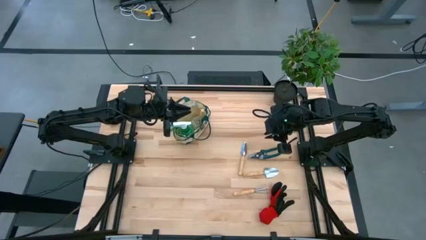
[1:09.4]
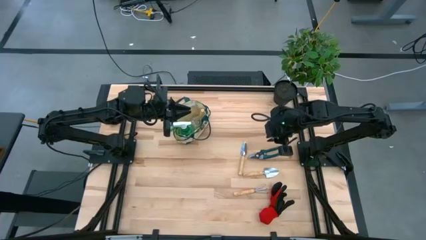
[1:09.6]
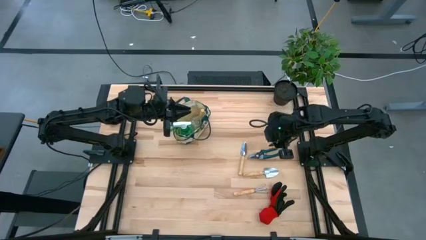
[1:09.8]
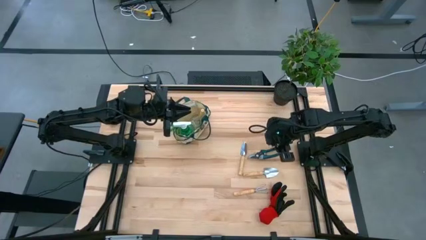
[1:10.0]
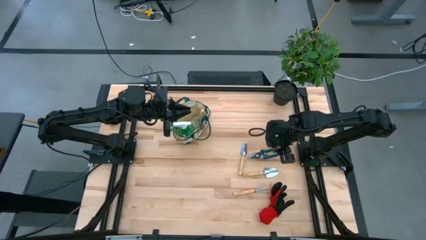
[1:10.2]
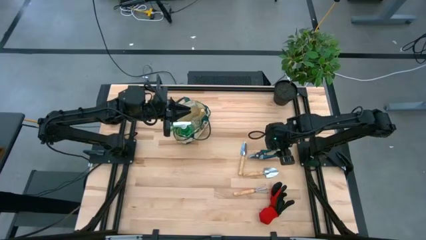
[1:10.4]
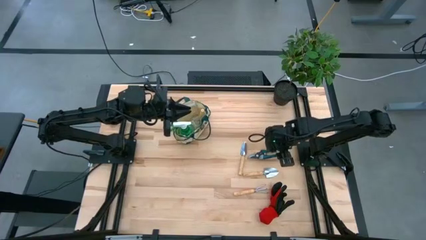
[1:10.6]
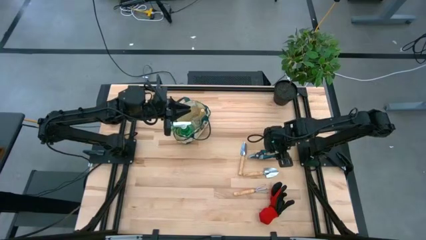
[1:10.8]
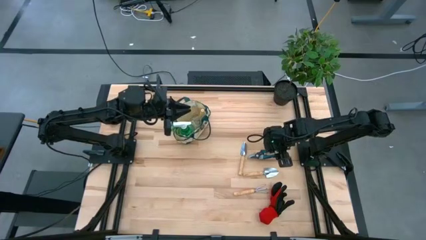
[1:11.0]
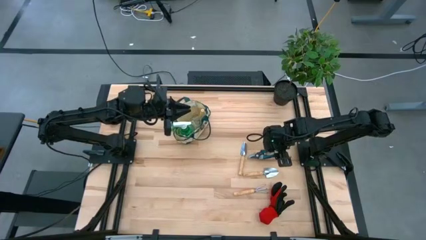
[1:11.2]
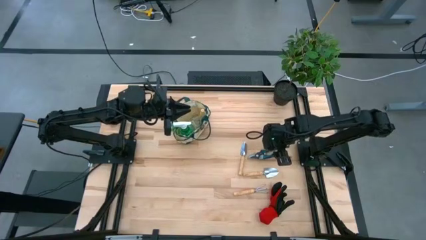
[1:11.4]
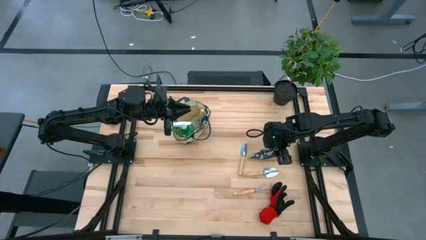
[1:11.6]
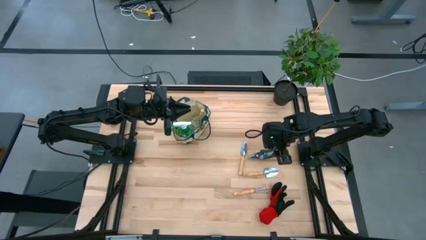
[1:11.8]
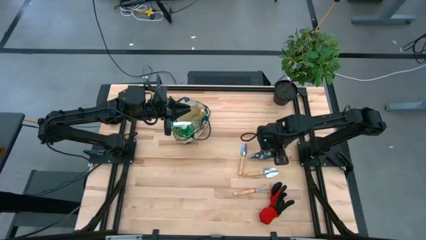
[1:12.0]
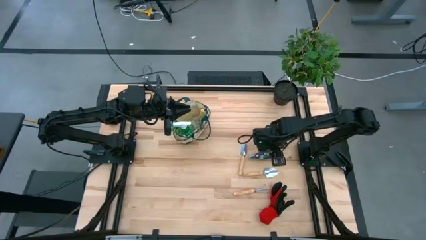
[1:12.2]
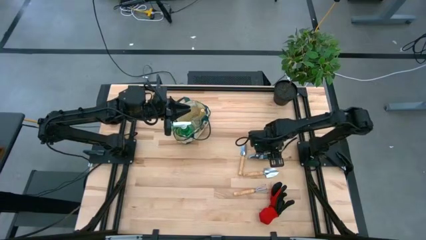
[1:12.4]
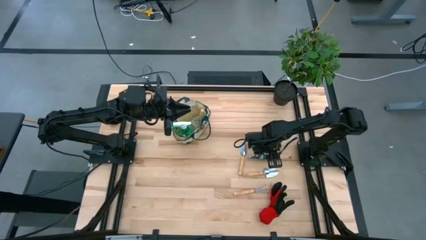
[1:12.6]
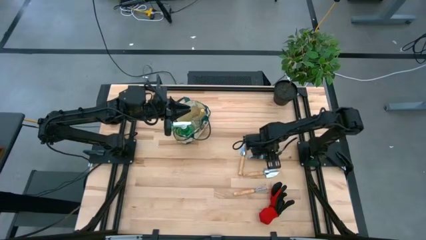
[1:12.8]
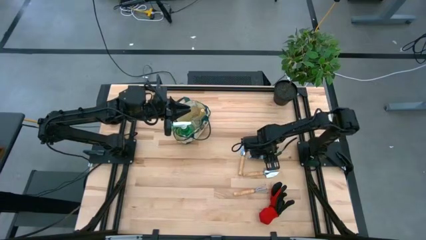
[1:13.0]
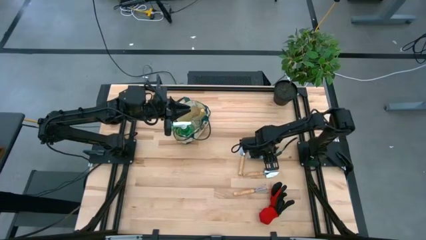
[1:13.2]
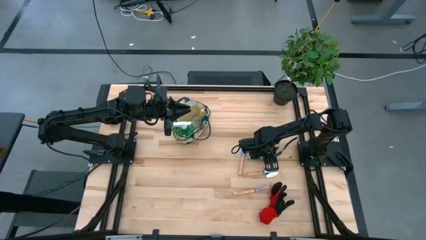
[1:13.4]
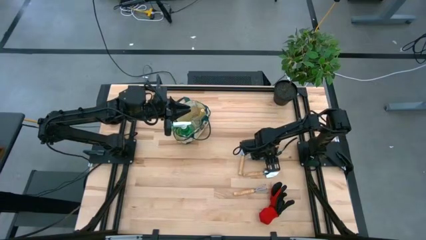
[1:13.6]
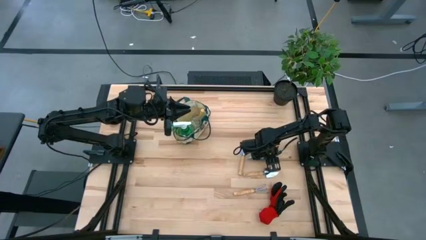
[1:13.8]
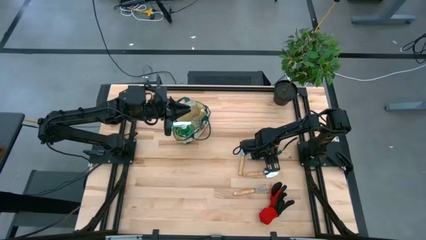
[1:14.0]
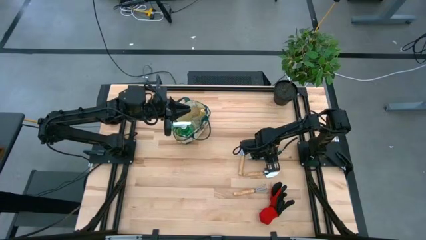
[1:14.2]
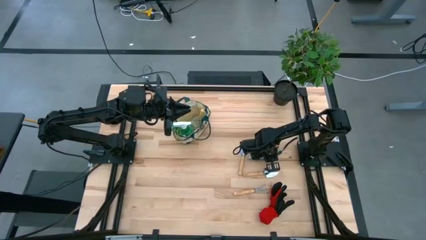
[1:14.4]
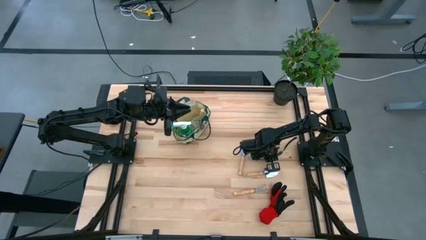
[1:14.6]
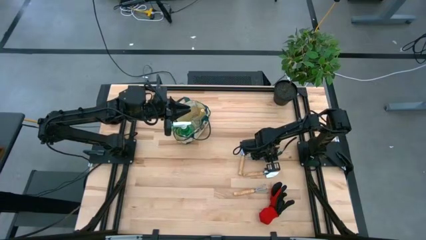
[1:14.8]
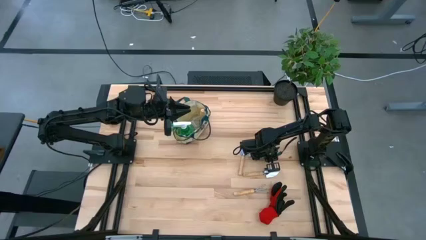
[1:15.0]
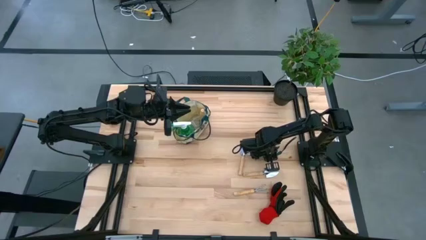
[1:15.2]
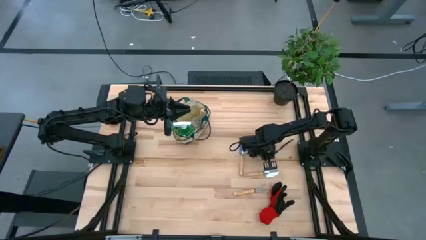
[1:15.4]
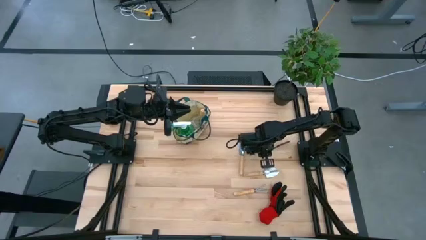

PROMPT:
Exclude images and repeat all entries exactly.

RESULT OF THIS TASK:
[1:09.4]
[1:09.6]
[1:09.8]
[1:10.0]
[1:10.2]
[1:10.4]
[1:10.6]
[1:10.8]
[1:11.0]
[1:11.2]
[1:11.4]
[1:11.6]
[1:11.8]
[1:12.0]
[1:12.2]
[1:12.4]
[1:12.6]
[1:12.8]
[1:13.0]
[1:13.2]
[1:13.4]
[1:13.6]
[1:13.8]
[1:14.0]
[1:14.2]
[1:14.4]
[1:14.6]
[1:14.8]
[1:15.0]
[1:15.2]
[1:15.4]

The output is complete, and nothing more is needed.